Collected data
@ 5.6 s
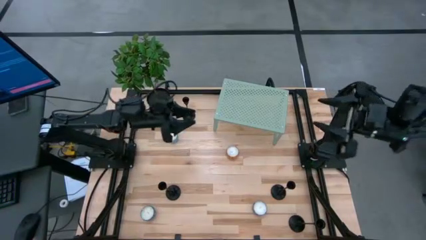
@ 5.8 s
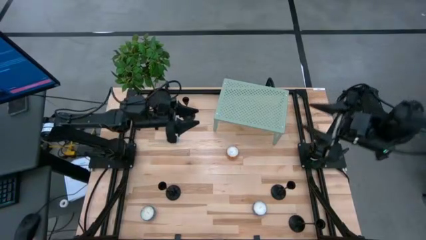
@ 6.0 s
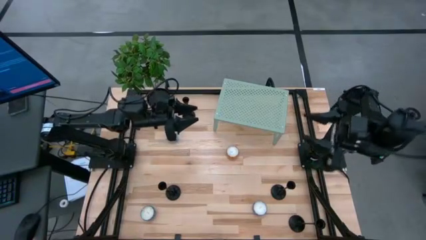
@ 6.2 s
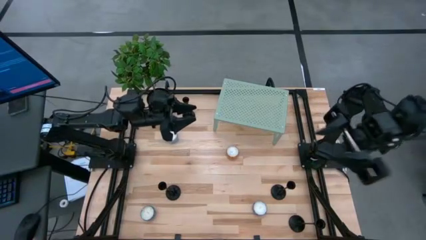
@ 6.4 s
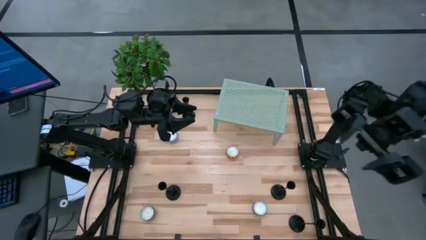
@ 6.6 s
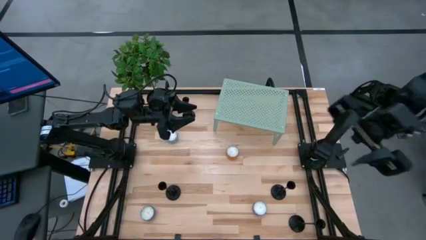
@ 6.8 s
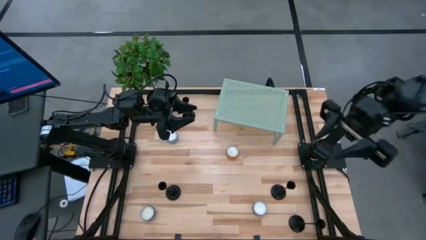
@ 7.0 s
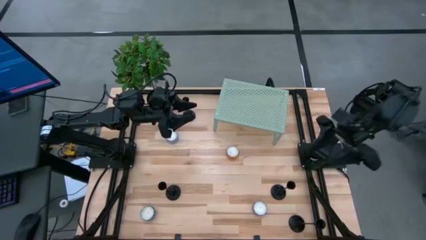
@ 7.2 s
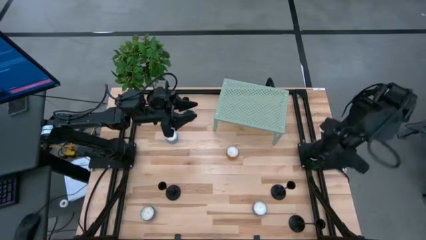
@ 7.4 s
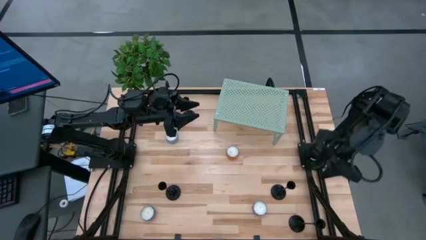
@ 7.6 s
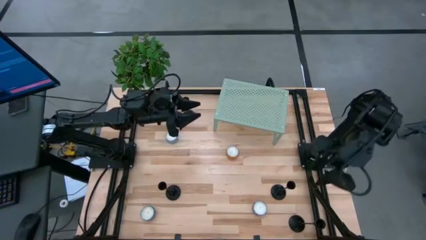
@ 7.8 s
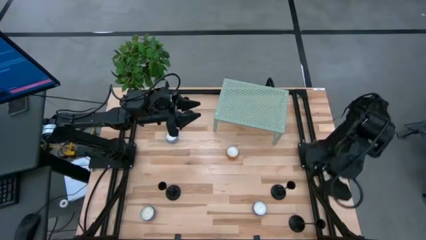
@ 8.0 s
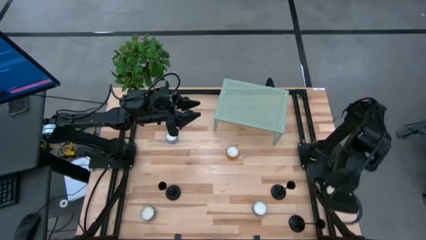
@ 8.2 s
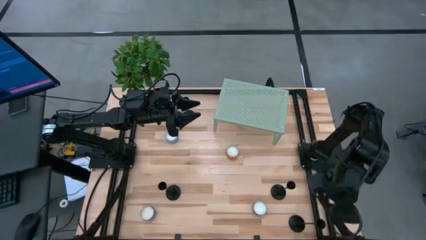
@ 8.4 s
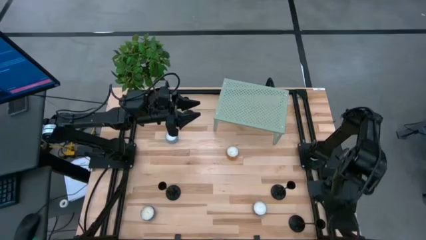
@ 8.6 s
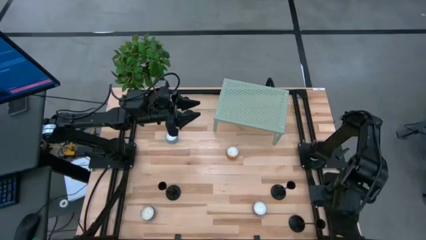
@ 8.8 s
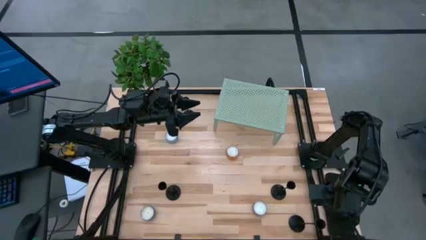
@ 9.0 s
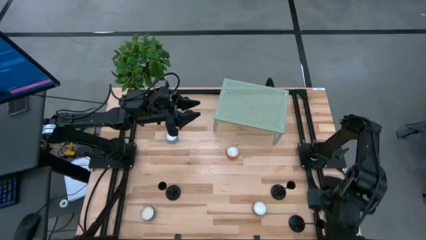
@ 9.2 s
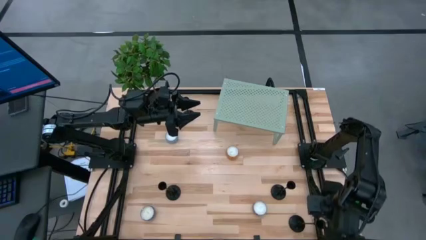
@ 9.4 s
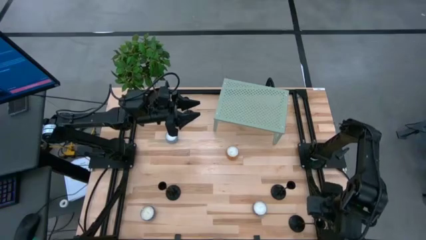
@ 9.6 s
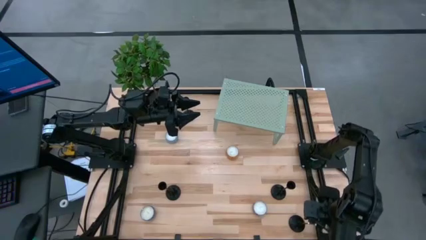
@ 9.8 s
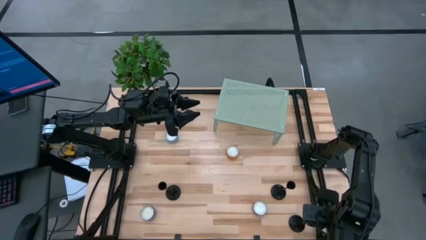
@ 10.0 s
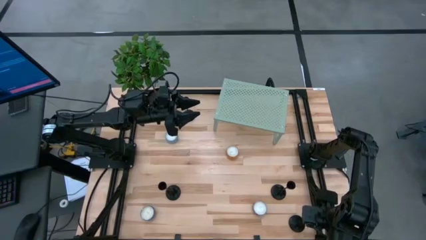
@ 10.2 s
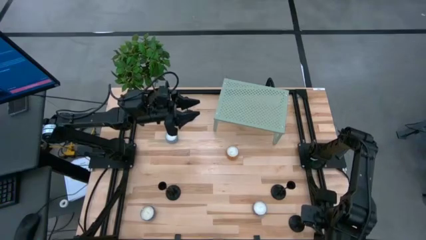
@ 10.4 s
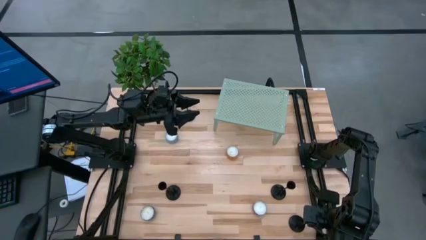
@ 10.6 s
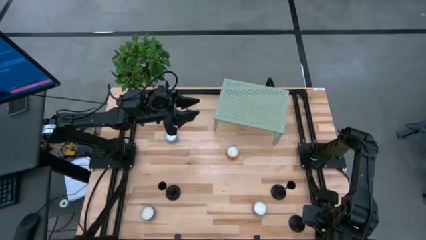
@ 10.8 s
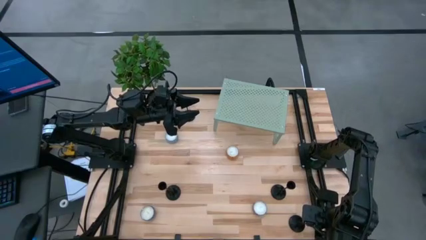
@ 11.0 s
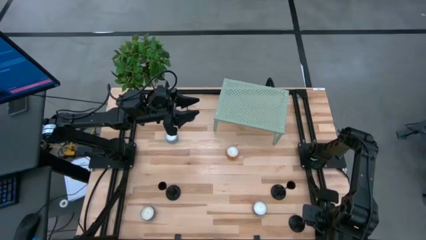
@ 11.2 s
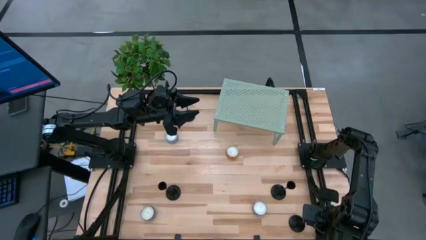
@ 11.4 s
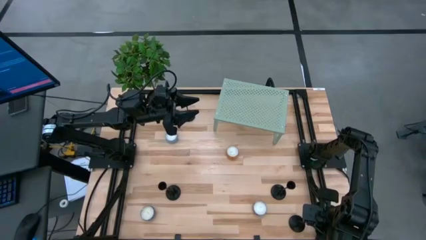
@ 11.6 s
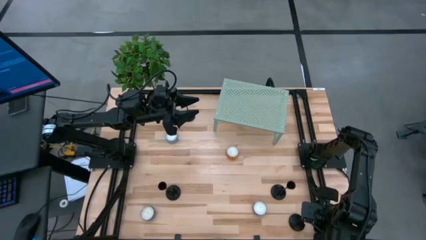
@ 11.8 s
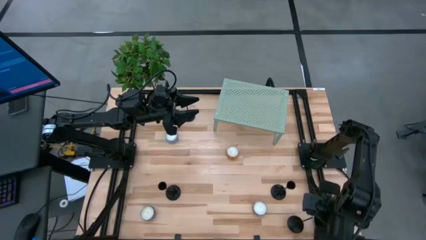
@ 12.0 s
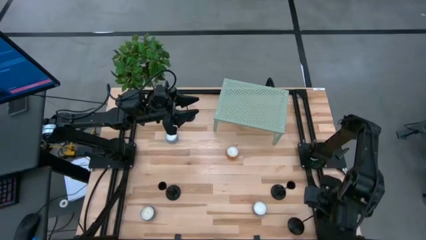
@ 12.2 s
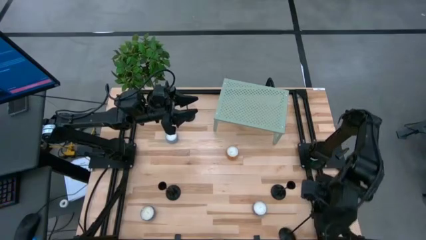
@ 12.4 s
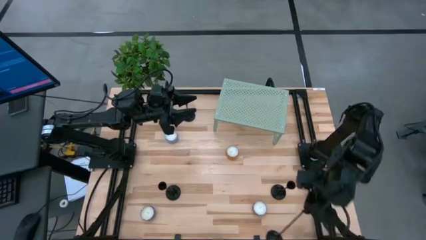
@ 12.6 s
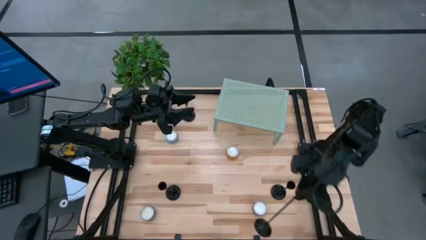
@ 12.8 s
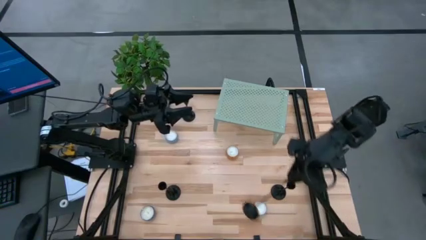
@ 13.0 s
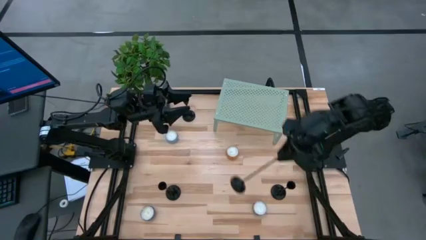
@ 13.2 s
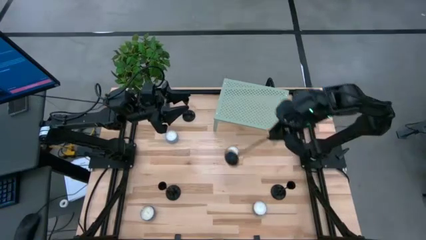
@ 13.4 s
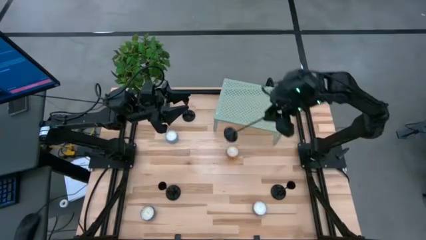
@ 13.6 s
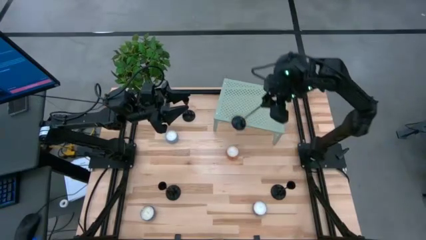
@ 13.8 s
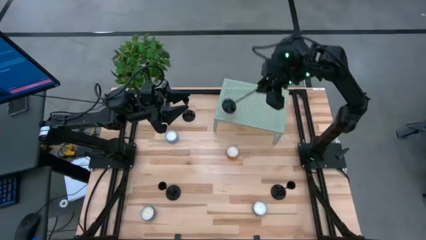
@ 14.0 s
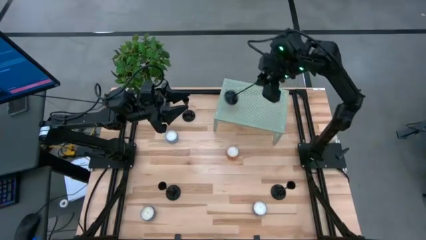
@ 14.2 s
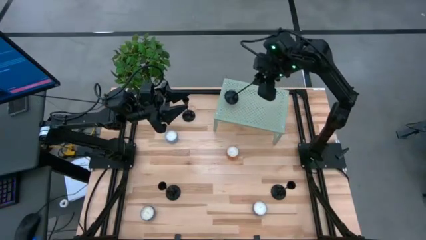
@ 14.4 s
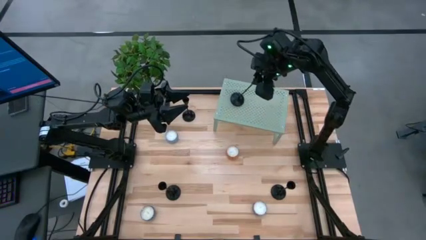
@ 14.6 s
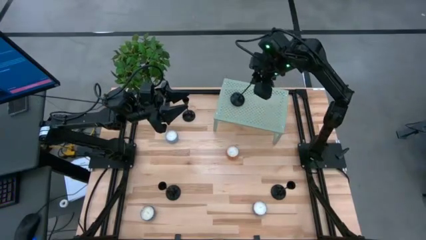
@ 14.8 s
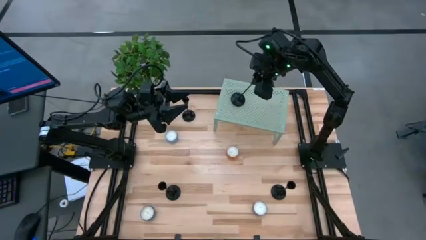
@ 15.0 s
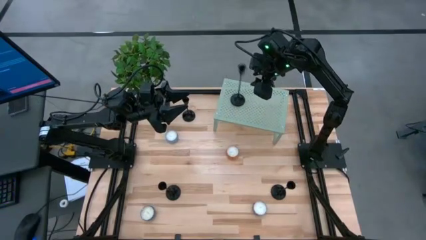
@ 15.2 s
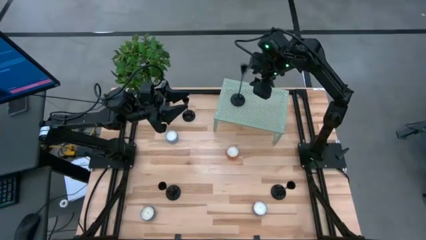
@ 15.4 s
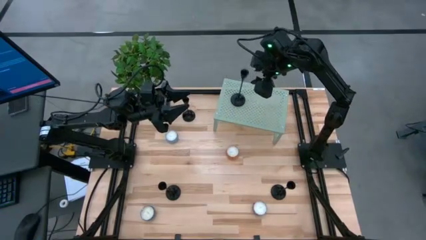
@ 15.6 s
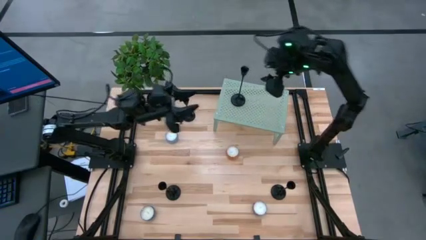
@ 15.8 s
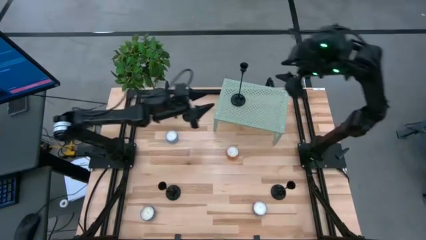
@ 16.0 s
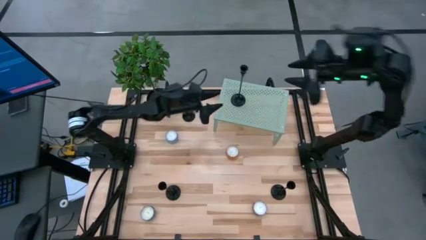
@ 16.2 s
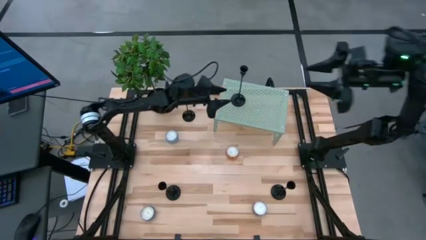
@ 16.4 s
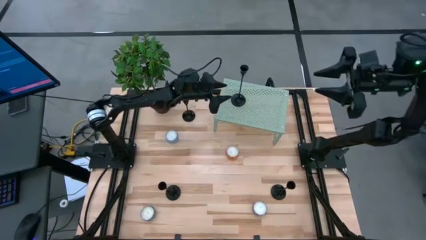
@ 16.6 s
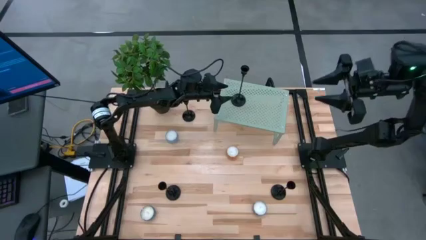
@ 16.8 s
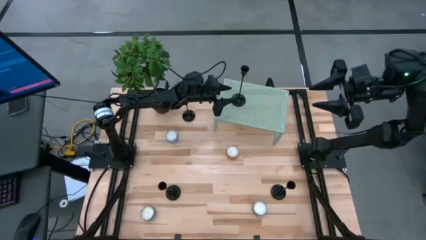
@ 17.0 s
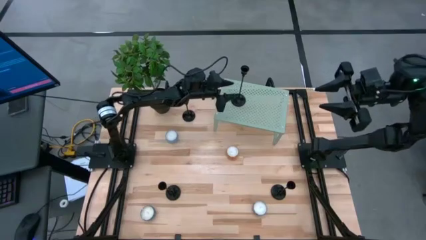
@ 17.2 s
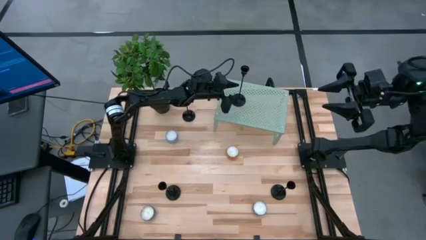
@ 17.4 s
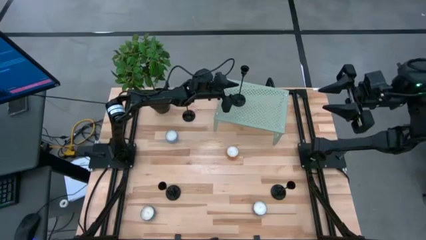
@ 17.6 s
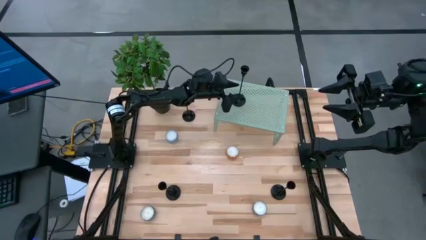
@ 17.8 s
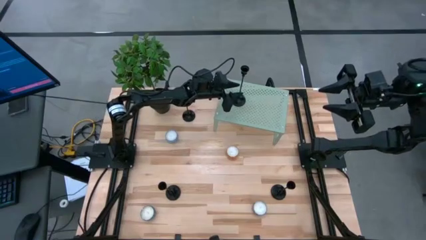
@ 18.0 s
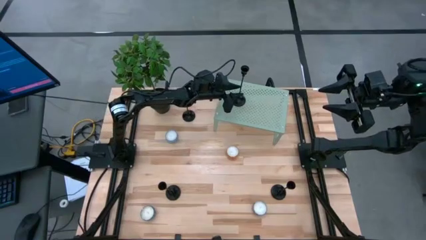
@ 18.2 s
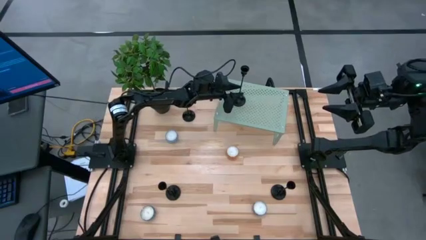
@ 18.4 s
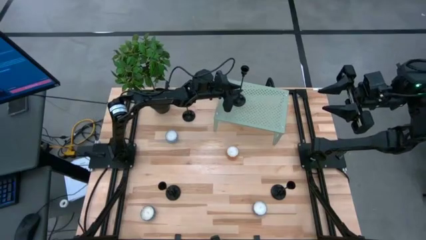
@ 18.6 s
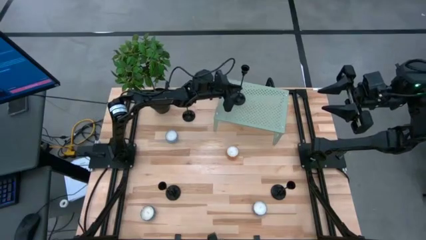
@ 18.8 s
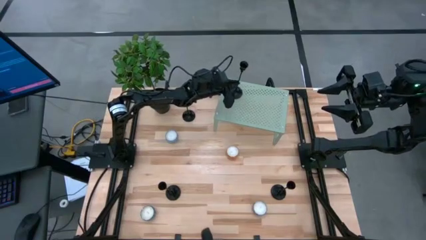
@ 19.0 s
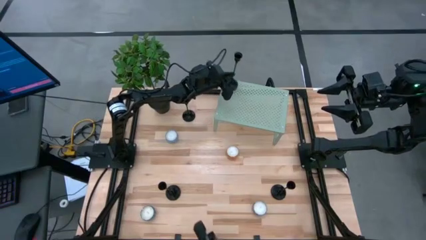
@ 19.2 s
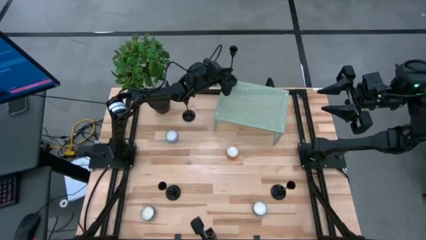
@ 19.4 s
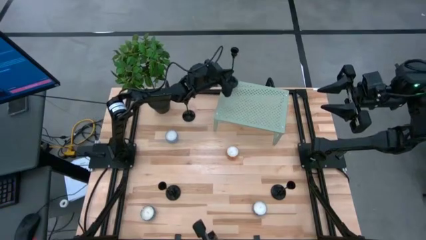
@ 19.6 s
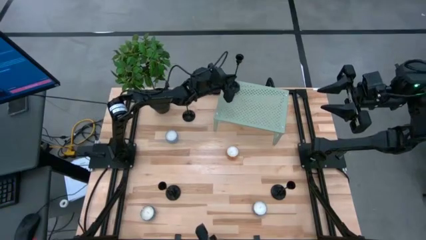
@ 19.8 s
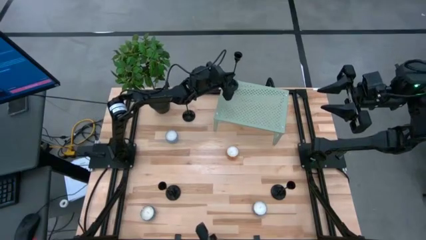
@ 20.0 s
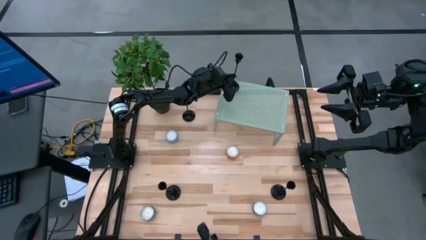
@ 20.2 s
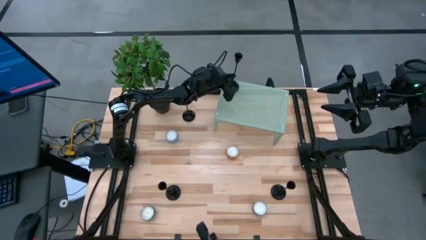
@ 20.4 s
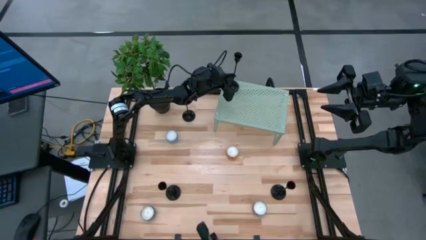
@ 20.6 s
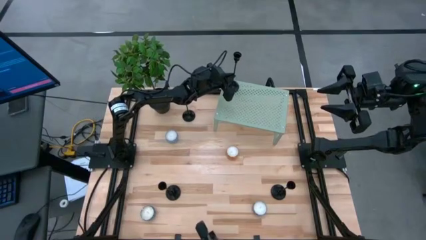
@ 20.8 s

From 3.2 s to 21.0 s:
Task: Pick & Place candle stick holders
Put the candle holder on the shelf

> PROBLEM
No pictures belong in the copy. Repeat the entries exactly.

> RESULT
@ 5.6 s
@ 5.8 s
@ 6.0 s
@ 6.2 s
@ 6.4 s
@ 6.6 s
@ 6.8 s
@ 7.0 s
@ 7.2 s
@ 7.4 s
@ 7.6 s
@ 7.8 s
@ 8.0 s
@ 8.2 s
@ 8.4 s
@ 8.6 s
@ 8.8 s
@ 9.0 s
@ 9.2 s
@ 9.4 s
@ 9.6 s
@ 9.8 s
@ 10.0 s
@ 10.2 s
@ 10.4 s
@ 10.6 s
@ 10.8 s
@ 11.0 s
@ 11.2 s
@ 11.4 s
@ 11.6 s
@ 11.8 s
@ 12.0 s
@ 12.2 s
@ 12.4 s
@ 12.6 s
@ 12.8 s
@ 13.0 s
@ 13.2 s
@ 13.4 s
@ 13.6 s
@ 13.8 s
@ 14.0 s
@ 14.2 s
@ 14.4 s
@ 14.6 s
@ 14.8 s
@ 15.0 s
@ 15.2 s
@ 15.4 s
@ 15.6 s
@ 15.8 s
@ 16.0 s
@ 16.2 s
@ 16.4 s
@ 16.6 s
@ 16.8 s
@ 17.0 s
@ 17.2 s
@ 17.4 s
@ 17.6 s
@ 17.8 s
@ 18.0 s
@ 18.2 s
@ 18.4 s
@ 18.6 s
@ 18.8 s
@ 19.0 s
@ 19.2 s
@ 19.4 s
@ 19.6 s
@ 19.8 s
@ 20.0 s
@ 20.2 s
@ 20.4 s
@ 20.6 s
@ 20.8 s

From 3.2 s to 21.0 s:
Task: Pick & Place candle stick holders
Put the candle holder on the shelf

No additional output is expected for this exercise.